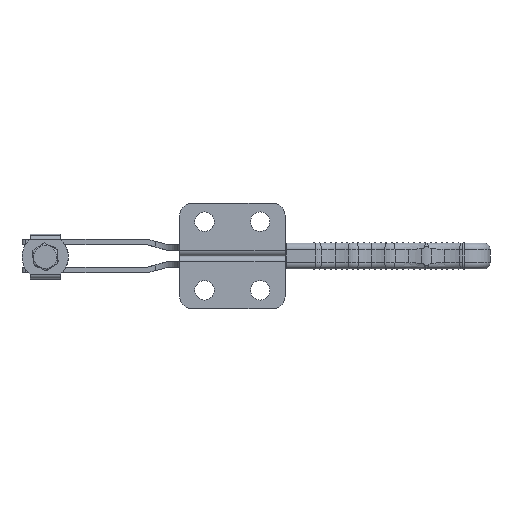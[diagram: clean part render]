
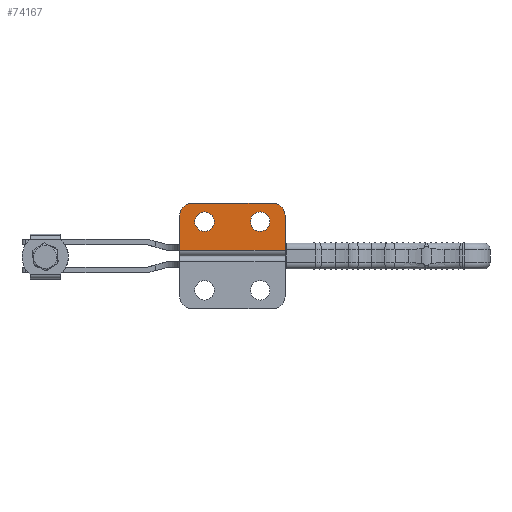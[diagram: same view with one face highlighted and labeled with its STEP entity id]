
A CAD part, front view. The second image highlights one B-rep face of the part: STEP entity #74167.
In plain terms, the highlighted planar face has unit normal (0, -1, 0).
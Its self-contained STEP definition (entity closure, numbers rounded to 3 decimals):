
#18697 = CARTESIAN_POINT ( 'NONE',  ( 13.5, 0., 13.25 ) ) ;
#54858 = DIRECTION ( 'NONE',  ( 0., 0., -1. ) ) ;
#54859 = VECTOR ( 'NONE', #54858, 1000. ) ;
#54865 = CARTESIAN_POINT ( 'NONE',  ( 57., 0., 3. ) ) ;
#54866 = LINE ( 'NONE', #54865, #54859 ) ;
#54923 = CARTESIAN_POINT ( 'NONE',  ( 43.5, 0., 23.75 ) ) ;
#54942 = CARTESIAN_POINT ( 'NONE',  ( 13.5, 0., 23.75 ) ) ;
#54986 = CARTESIAN_POINT ( 'NONE',  ( 43.5, 0., 13.25 ) ) ;
#54991 = CIRCLE ( 'NONE', #54995, 5.25 ) ;
#54995 = AXIS2_PLACEMENT_3D ( 'NONE', #55042, #55041, #55040 ) ;
#55019 = DIRECTION ( 'NONE',  ( 0., 0., -1. ) ) ;
#55020 = DIRECTION ( 'NONE',  ( 0., -1., 0. ) ) ;
#55021 = CARTESIAN_POINT ( 'NONE',  ( 43.5, 0., 18.5 ) ) ;
#55032 = CIRCLE ( 'NONE', #55047, 5.25 ) ;
#55040 = DIRECTION ( 'NONE',  ( 0., 0., -1. ) ) ;
#55041 = DIRECTION ( 'NONE',  ( 0., -1., 0. ) ) ;
#55042 = CARTESIAN_POINT ( 'NONE',  ( 13.5, 0., 18.5 ) ) ;
#55047 = AXIS2_PLACEMENT_3D ( 'NONE', #55021, #55020, #55019 ) ;
#55093 = FACE_OUTER_BOUND ( 'NONE', #74150, .T. ) ;
#55116 = DIRECTION ( 'NONE',  ( 0., 0., 1. ) ) ;
#55117 = DIRECTION ( 'NONE',  ( 0., 1., 0. ) ) ;
#55122 = AXIS2_PLACEMENT_3D ( 'NONE', #55133, #55117, #55116 ) ;
#55125 = PLANE ( 'NONE',  #55122 ) ;
#55126 = FACE_BOUND ( 'NONE', #71040, .T. ) ;
#55127 = CARTESIAN_POINT ( 'NONE',  ( 57., 0., 21.5 ) ) ;
#55128 = CARTESIAN_POINT ( 'NONE',  ( 7., 0., 28.5 ) ) ;
#55133 = CARTESIAN_POINT ( 'NONE',  ( 0., 0., 3. ) ) ;
#55148 = FACE_BOUND ( 'NONE', #74241, .T. ) ;
#55162 = DIRECTION ( 'NONE',  ( 0., 0., -1. ) ) ;
#55163 = VECTOR ( 'NONE', #55162, 1000. ) ;
#55164 = CARTESIAN_POINT ( 'NONE',  ( 0., 0., 3. ) ) ;
#55165 = LINE ( 'NONE', #55164, #55163 ) ;
#55170 = DIRECTION ( 'NONE',  ( 0., 0., -1. ) ) ;
#55171 = DIRECTION ( 'NONE',  ( 0., -1., 0. ) ) ;
#55172 = CARTESIAN_POINT ( 'NONE',  ( 50., 0., 21.5 ) ) ;
#55173 = AXIS2_PLACEMENT_3D ( 'NONE', #55172, #55171, #55170 ) ;
#55175 = CARTESIAN_POINT ( 'NONE',  ( 50., 0., 28.5 ) ) ;
#55177 = CARTESIAN_POINT ( 'NONE',  ( 0., 0., 3. ) ) ;
#55181 = CIRCLE ( 'NONE', #55173, 7. ) ;
#55200 = CARTESIAN_POINT ( 'NONE',  ( 0., 0., 21.5 ) ) ;
#55214 = DIRECTION ( 'NONE',  ( 0., 0., -1. ) ) ;
#55215 = DIRECTION ( 'NONE',  ( 0., -1., 0. ) ) ;
#55222 = CARTESIAN_POINT ( 'NONE',  ( 13.5, 0., 18.5 ) ) ;
#55227 = AXIS2_PLACEMENT_3D ( 'NONE', #55222, #55215, #55214 ) ;
#55230 = CIRCLE ( 'NONE', #55227, 5.25 ) ;
#55245 = CARTESIAN_POINT ( 'NONE',  ( 50., 0., 28.5 ) ) ;
#55248 = CIRCLE ( 'NONE', #55314, 7. ) ;
#55267 = LINE ( 'NONE', #55245, #55318 ) ;
#55275 = AXIS2_PLACEMENT_3D ( 'NONE', #55293, #55292, #55291 ) ;
#55291 = DIRECTION ( 'NONE',  ( 0., 0., -1. ) ) ;
#55292 = DIRECTION ( 'NONE',  ( 0., -1., 0. ) ) ;
#55293 = CARTESIAN_POINT ( 'NONE',  ( 43.5, 0., 18.5 ) ) ;
#55298 = CARTESIAN_POINT ( 'NONE',  ( 57., 0., 3. ) ) ;
#55299 = DIRECTION ( 'NONE',  ( 1., 0., 0. ) ) ;
#55300 = VECTOR ( 'NONE', #55299, 1000. ) ;
#55301 = CARTESIAN_POINT ( 'NONE',  ( 0., 0., 3. ) ) ;
#55308 = LINE ( 'NONE', #55301, #55300 ) ;
#55309 = CIRCLE ( 'NONE', #55275, 5.25 ) ;
#55311 = DIRECTION ( 'NONE',  ( 0., 0., -1. ) ) ;
#55312 = DIRECTION ( 'NONE',  ( 0., -1., 0. ) ) ;
#55313 = CARTESIAN_POINT ( 'NONE',  ( 7., 0., 21.5 ) ) ;
#55314 = AXIS2_PLACEMENT_3D ( 'NONE', #55313, #55312, #55311 ) ;
#55317 = DIRECTION ( 'NONE',  ( -1., 0., 0. ) ) ;
#55318 = VECTOR ( 'NONE', #55317, 1000. ) ;
#60637 = VERTEX_POINT ( 'NONE', #18697 ) ;
#71040 = EDGE_LOOP ( 'NONE', ( #74215, #74222 ) ) ;
#74056 = VERTEX_POINT ( 'NONE', #54942 ) ;
#74063 = VERTEX_POINT ( 'NONE', #54986 ) ;
#74064 = VERTEX_POINT ( 'NONE', #54923 ) ;
#74109 = EDGE_CURVE ( 'NONE', #74056, #60637, #54991, .T. ) ;
#74120 = EDGE_CURVE ( 'NONE', #74064, #74063, #55032, .T. ) ;
#74150 = EDGE_LOOP ( 'NONE', ( #74169, #74185, #74173, #74170, #74237, #74240 ) ) ;
#74167 = ADVANCED_FACE ( 'NONE', ( #55093, #55148, #55126 ), #55125, .F. ) ;
#74168 = VERTEX_POINT ( 'NONE', #55128 ) ;
#74169 = ORIENTED_EDGE ( 'NONE', *, *, #74179, .T. ) ;
#74170 = ORIENTED_EDGE ( 'NONE', *, *, #74174, .T. ) ;
#74171 = VERTEX_POINT ( 'NONE', #55127 ) ;
#74172 = EDGE_CURVE ( 'NONE', #74171, #74251, #54866, .T. ) ;
#74173 = ORIENTED_EDGE ( 'NONE', *, *, #74172, .F. ) ;
#74174 = EDGE_CURVE ( 'NONE', #74171, #74175, #55181, .T. ) ;
#74175 = VERTEX_POINT ( 'NONE', #55175 ) ;
#74179 = EDGE_CURVE ( 'NONE', #74193, #74194, #55165, .T. ) ;
#74185 = ORIENTED_EDGE ( 'NONE', *, *, #74249, .T. ) ;
#74193 = VERTEX_POINT ( 'NONE', #55200 ) ;
#74194 = VERTEX_POINT ( 'NONE', #55177 ) ;
#74215 = ORIENTED_EDGE ( 'NONE', *, *, #74218, .F. ) ;
#74218 = EDGE_CURVE ( 'NONE', #60637, #74056, #55230, .T. ) ;
#74222 = ORIENTED_EDGE ( 'NONE', *, *, #74109, .F. ) ;
#74236 = EDGE_CURVE ( 'NONE', #74175, #74168, #55267, .T. ) ;
#74237 = ORIENTED_EDGE ( 'NONE', *, *, #74236, .T. ) ;
#74238 = EDGE_CURVE ( 'NONE', #74168, #74193, #55248, .T. ) ;
#74240 = ORIENTED_EDGE ( 'NONE', *, *, #74238, .T. ) ;
#74241 = EDGE_LOOP ( 'NONE', ( #74243, #74244 ) ) ;
#74243 = ORIENTED_EDGE ( 'NONE', *, *, #74250, .F. ) ;
#74244 = ORIENTED_EDGE ( 'NONE', *, *, #74120, .F. ) ;
#74249 = EDGE_CURVE ( 'NONE', #74194, #74251, #55308, .T. ) ;
#74250 = EDGE_CURVE ( 'NONE', #74063, #74064, #55309, .T. ) ;
#74251 = VERTEX_POINT ( 'NONE', #55298 ) ;

Your goal
Exact duplication is required for the lines above, from the line that contains "#55311 = DIRECTION" to the line that contains "#74215 = ORIENTED_EDGE", inclusive; omit all others.

Task output
#55311 = DIRECTION ( 'NONE',  ( 0., 0., -1. ) ) ;
#55312 = DIRECTION ( 'NONE',  ( 0., -1., 0. ) ) ;
#55313 = CARTESIAN_POINT ( 'NONE',  ( 7., 0., 21.5 ) ) ;
#55314 = AXIS2_PLACEMENT_3D ( 'NONE', #55313, #55312, #55311 ) ;
#55317 = DIRECTION ( 'NONE',  ( -1., 0., 0. ) ) ;
#55318 = VECTOR ( 'NONE', #55317, 1000. ) ;
#60637 = VERTEX_POINT ( 'NONE', #18697 ) ;
#71040 = EDGE_LOOP ( 'NONE', ( #74215, #74222 ) ) ;
#74056 = VERTEX_POINT ( 'NONE', #54942 ) ;
#74063 = VERTEX_POINT ( 'NONE', #54986 ) ;
#74064 = VERTEX_POINT ( 'NONE', #54923 ) ;
#74109 = EDGE_CURVE ( 'NONE', #74056, #60637, #54991, .T. ) ;
#74120 = EDGE_CURVE ( 'NONE', #74064, #74063, #55032, .T. ) ;
#74150 = EDGE_LOOP ( 'NONE', ( #74169, #74185, #74173, #74170, #74237, #74240 ) ) ;
#74167 = ADVANCED_FACE ( 'NONE', ( #55093, #55148, #55126 ), #55125, .F. ) ;
#74168 = VERTEX_POINT ( 'NONE', #55128 ) ;
#74169 = ORIENTED_EDGE ( 'NONE', *, *, #74179, .T. ) ;
#74170 = ORIENTED_EDGE ( 'NONE', *, *, #74174, .T. ) ;
#74171 = VERTEX_POINT ( 'NONE', #55127 ) ;
#74172 = EDGE_CURVE ( 'NONE', #74171, #74251, #54866, .T. ) ;
#74173 = ORIENTED_EDGE ( 'NONE', *, *, #74172, .F. ) ;
#74174 = EDGE_CURVE ( 'NONE', #74171, #74175, #55181, .T. ) ;
#74175 = VERTEX_POINT ( 'NONE', #55175 ) ;
#74179 = EDGE_CURVE ( 'NONE', #74193, #74194, #55165, .T. ) ;
#74185 = ORIENTED_EDGE ( 'NONE', *, *, #74249, .T. ) ;
#74193 = VERTEX_POINT ( 'NONE', #55200 ) ;
#74194 = VERTEX_POINT ( 'NONE', #55177 ) ;
#74215 = ORIENTED_EDGE ( 'NONE', *, *, #74218, .F. ) ;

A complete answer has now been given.